Data entries
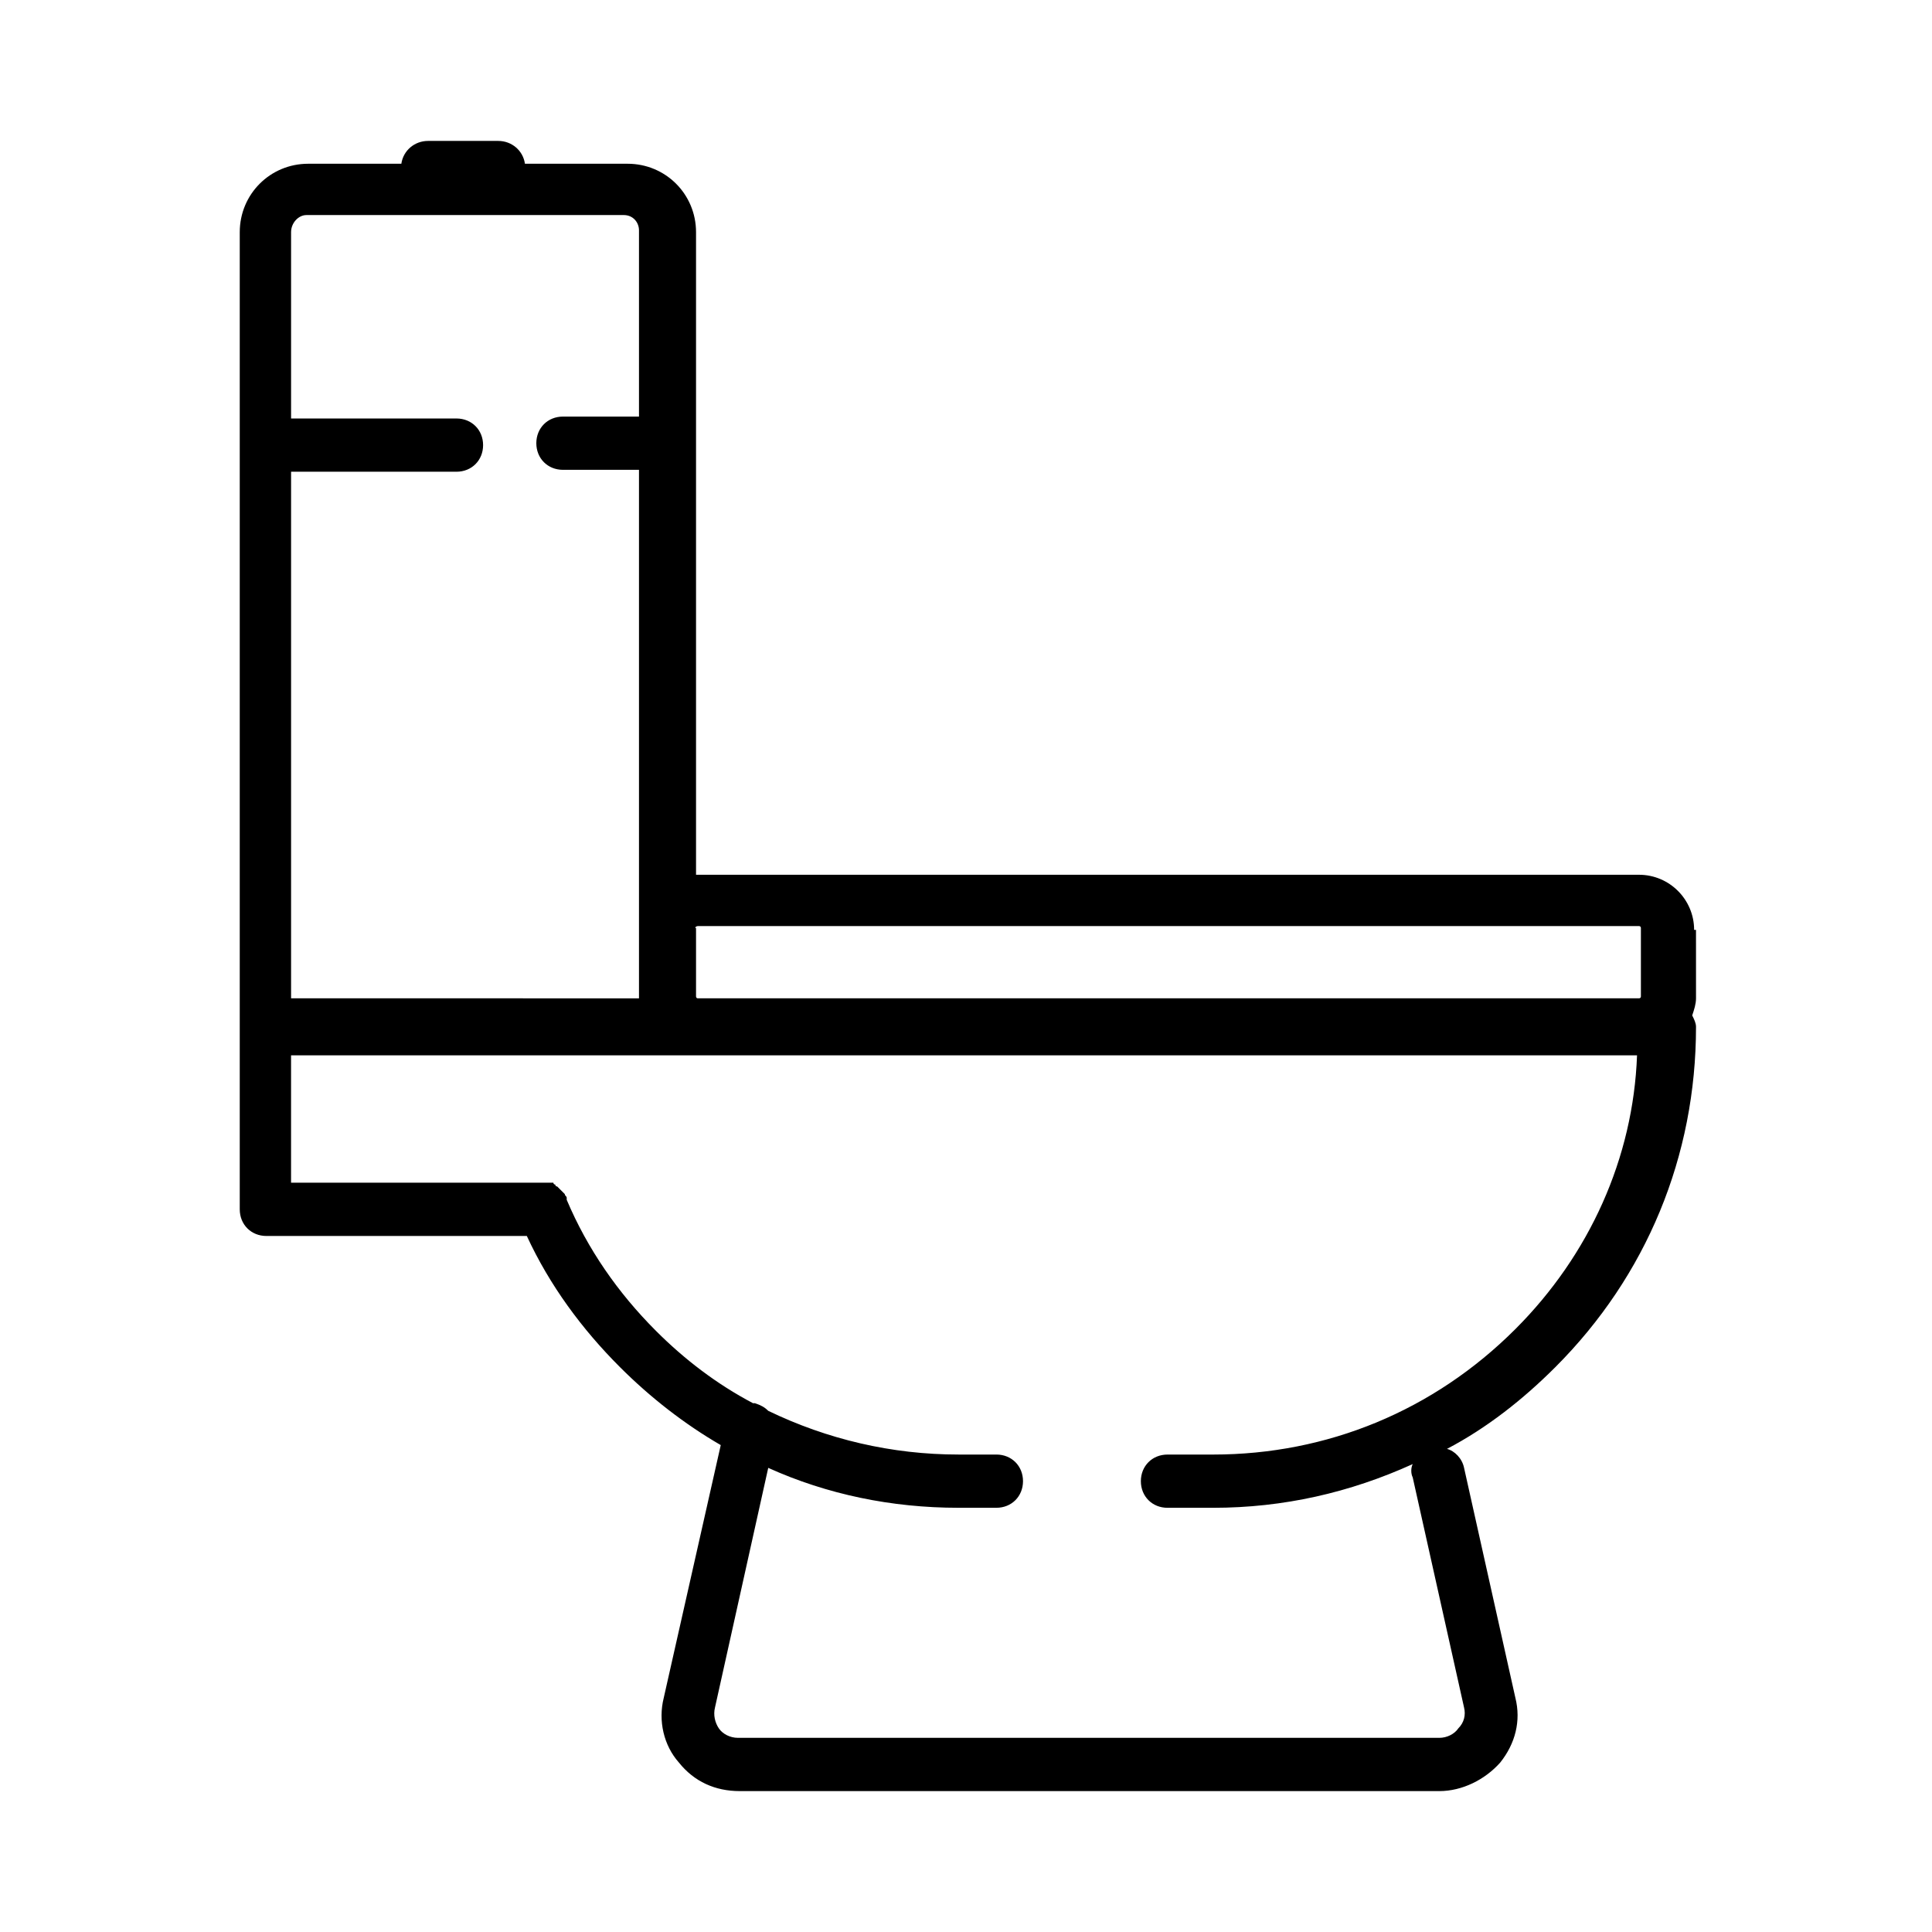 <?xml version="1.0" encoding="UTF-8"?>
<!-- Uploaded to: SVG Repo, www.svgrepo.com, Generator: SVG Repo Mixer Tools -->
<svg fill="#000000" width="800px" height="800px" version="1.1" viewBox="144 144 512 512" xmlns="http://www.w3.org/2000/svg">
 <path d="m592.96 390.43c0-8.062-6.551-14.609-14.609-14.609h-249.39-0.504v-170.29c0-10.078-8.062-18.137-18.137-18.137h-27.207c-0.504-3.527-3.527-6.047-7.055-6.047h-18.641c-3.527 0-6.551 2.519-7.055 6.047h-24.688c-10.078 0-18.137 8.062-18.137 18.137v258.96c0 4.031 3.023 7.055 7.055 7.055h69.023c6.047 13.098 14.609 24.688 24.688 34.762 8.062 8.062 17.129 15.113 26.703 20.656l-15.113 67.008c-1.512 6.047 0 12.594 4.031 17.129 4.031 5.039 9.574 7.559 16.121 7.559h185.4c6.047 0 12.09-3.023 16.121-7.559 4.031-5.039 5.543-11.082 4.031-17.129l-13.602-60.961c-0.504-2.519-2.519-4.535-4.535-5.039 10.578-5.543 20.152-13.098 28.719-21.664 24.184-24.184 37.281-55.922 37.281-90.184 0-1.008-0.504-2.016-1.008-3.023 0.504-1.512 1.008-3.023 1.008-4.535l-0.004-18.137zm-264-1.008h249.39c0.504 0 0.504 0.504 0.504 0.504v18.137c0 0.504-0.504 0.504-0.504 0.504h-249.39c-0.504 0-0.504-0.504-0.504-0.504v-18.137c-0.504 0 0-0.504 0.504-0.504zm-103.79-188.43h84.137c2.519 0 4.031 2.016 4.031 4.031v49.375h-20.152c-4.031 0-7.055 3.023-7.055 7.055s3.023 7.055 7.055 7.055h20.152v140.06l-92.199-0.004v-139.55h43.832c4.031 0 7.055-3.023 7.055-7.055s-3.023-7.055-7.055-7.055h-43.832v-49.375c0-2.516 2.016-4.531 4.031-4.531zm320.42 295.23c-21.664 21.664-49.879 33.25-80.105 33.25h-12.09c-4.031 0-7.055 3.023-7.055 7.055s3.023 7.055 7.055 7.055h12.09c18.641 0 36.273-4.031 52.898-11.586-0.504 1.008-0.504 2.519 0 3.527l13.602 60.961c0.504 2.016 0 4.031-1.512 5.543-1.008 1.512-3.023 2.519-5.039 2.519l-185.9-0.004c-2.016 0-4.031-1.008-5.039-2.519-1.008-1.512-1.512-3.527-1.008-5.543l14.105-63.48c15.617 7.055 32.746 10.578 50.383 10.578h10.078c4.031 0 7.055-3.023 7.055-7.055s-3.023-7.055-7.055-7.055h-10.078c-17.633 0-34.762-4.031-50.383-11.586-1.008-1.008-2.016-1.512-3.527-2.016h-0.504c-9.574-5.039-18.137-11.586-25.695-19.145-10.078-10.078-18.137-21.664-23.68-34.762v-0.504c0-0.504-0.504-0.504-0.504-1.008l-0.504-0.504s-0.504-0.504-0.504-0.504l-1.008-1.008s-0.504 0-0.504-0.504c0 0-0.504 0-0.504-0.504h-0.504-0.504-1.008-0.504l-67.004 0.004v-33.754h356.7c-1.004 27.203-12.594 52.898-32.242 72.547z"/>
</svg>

→ WHAT TO WORK ON
Your copy should be the entries retyped exactly, with no images in it.

→ WRITTEN ANSWER
 <?xml version="1.0" encoding="UTF-8"?>
<!-- Uploaded to: SVG Repo, www.svgrepo.com, Generator: SVG Repo Mixer Tools -->
<svg fill="#000000" width="800px" height="800px" version="1.1" viewBox="144 144 512 512" xmlns="http://www.w3.org/2000/svg">
 <path d="m592.96 390.43c0-8.062-6.551-14.609-14.609-14.609h-249.39-0.504v-170.29c0-10.078-8.062-18.137-18.137-18.137h-27.207c-0.504-3.527-3.527-6.047-7.055-6.047h-18.641c-3.527 0-6.551 2.519-7.055 6.047h-24.688c-10.078 0-18.137 8.062-18.137 18.137v258.96c0 4.031 3.023 7.055 7.055 7.055h69.023c6.047 13.098 14.609 24.688 24.688 34.762 8.062 8.062 17.129 15.113 26.703 20.656l-15.113 67.008c-1.512 6.047 0 12.594 4.031 17.129 4.031 5.039 9.574 7.559 16.121 7.559h185.4c6.047 0 12.09-3.023 16.121-7.559 4.031-5.039 5.543-11.082 4.031-17.129l-13.602-60.961c-0.504-2.519-2.519-4.535-4.535-5.039 10.578-5.543 20.152-13.098 28.719-21.664 24.184-24.184 37.281-55.922 37.281-90.184 0-1.008-0.504-2.016-1.008-3.023 0.504-1.512 1.008-3.023 1.008-4.535l-0.004-18.137zm-264-1.008h249.39c0.504 0 0.504 0.504 0.504 0.504v18.137c0 0.504-0.504 0.504-0.504 0.504h-249.39c-0.504 0-0.504-0.504-0.504-0.504v-18.137c-0.504 0 0-0.504 0.504-0.504zm-103.79-188.43h84.137c2.519 0 4.031 2.016 4.031 4.031v49.375h-20.152c-4.031 0-7.055 3.023-7.055 7.055s3.023 7.055 7.055 7.055h20.152v140.06l-92.199-0.004v-139.55h43.832c4.031 0 7.055-3.023 7.055-7.055s-3.023-7.055-7.055-7.055h-43.832v-49.375c0-2.516 2.016-4.531 4.031-4.531zm320.42 295.23c-21.664 21.664-49.879 33.25-80.105 33.25h-12.09c-4.031 0-7.055 3.023-7.055 7.055s3.023 7.055 7.055 7.055h12.09c18.641 0 36.273-4.031 52.898-11.586-0.504 1.008-0.504 2.519 0 3.527l13.602 60.961c0.504 2.016 0 4.031-1.512 5.543-1.008 1.512-3.023 2.519-5.039 2.519l-185.9-0.004c-2.016 0-4.031-1.008-5.039-2.519-1.008-1.512-1.512-3.527-1.008-5.543l14.105-63.48c15.617 7.055 32.746 10.578 50.383 10.578h10.078c4.031 0 7.055-3.023 7.055-7.055s-3.023-7.055-7.055-7.055h-10.078c-17.633 0-34.762-4.031-50.383-11.586-1.008-1.008-2.016-1.512-3.527-2.016h-0.504c-9.574-5.039-18.137-11.586-25.695-19.145-10.078-10.078-18.137-21.664-23.68-34.762v-0.504c0-0.504-0.504-0.504-0.504-1.008l-0.504-0.504s-0.504-0.504-0.504-0.504l-1.008-1.008s-0.504 0-0.504-0.504c0 0-0.504 0-0.504-0.504h-0.504-0.504-1.008-0.504l-67.004 0.004v-33.754h356.7c-1.004 27.203-12.594 52.898-32.242 72.547z"/>
</svg>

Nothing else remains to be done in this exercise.